[Stored items from a collection]

|---|

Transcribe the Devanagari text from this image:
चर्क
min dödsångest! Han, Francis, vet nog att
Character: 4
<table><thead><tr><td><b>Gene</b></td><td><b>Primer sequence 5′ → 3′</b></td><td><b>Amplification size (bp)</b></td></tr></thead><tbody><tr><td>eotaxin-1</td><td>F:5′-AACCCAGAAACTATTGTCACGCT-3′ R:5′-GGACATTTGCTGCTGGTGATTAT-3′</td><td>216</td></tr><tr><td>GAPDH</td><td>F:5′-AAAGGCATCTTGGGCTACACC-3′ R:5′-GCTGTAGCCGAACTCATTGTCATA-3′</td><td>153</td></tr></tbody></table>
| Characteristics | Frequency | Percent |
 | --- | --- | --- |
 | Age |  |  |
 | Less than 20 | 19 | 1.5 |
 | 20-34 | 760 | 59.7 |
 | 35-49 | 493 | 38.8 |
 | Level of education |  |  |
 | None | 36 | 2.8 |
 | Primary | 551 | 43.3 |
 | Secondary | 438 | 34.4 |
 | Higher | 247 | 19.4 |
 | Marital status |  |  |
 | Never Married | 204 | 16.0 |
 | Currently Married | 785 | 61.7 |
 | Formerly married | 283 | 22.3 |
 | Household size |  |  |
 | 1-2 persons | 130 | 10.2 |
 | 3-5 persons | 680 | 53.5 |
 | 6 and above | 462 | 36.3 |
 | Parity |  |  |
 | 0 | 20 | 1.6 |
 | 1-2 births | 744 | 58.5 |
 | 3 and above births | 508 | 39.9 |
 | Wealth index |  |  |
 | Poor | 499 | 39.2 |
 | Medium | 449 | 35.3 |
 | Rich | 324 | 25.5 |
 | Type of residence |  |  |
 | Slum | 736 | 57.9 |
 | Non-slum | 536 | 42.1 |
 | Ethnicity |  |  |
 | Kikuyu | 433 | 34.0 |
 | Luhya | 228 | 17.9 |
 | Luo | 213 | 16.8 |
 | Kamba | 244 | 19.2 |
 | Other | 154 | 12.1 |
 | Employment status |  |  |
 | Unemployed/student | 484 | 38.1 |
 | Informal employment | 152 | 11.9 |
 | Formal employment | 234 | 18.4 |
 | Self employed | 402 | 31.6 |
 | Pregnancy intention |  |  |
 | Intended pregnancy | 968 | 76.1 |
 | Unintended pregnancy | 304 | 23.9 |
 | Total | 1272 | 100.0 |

|---|

TASK BRIEF ::
What is asked for is an exact copy of the lines above from the one containing "130 | 10.2 |" through the one containing "402 | 31.6 |", and only those.

ANSWER TO THIS TASK ::
 | 1-2 persons | 130 | 10.2 |
 | 3-5 persons | 680 | 53.5 |
 | 6 and above | 462 | 36.3 |
 | Parity |  |  |
 | 0 | 20 | 1.6 |
 | 1-2 births | 744 | 58.5 |
 | 3 and above births | 508 | 39.9 |
 | Wealth index |  |  |
 | Poor | 499 | 39.2 |
 | Medium | 449 | 35.3 |
 | Rich | 324 | 25.5 |
 | Type of residence |  |  |
 | Slum | 736 | 57.9 |
 | Non-slum | 536 | 42.1 |
 | Ethnicity |  |  |
 | Kikuyu | 433 | 34.0 |
 | Luhya | 228 | 17.9 |
 | Luo | 213 | 16.8 |
 | Kamba | 244 | 19.2 |
 | Other | 154 | 12.1 |
 | Employment status |  |  |
 | Unemployed/student | 484 | 38.1 |
 | Informal employment | 152 | 11.9 |
 | Formal employment | 234 | 18.4 |
 | Self employed | 402 | 31.6 |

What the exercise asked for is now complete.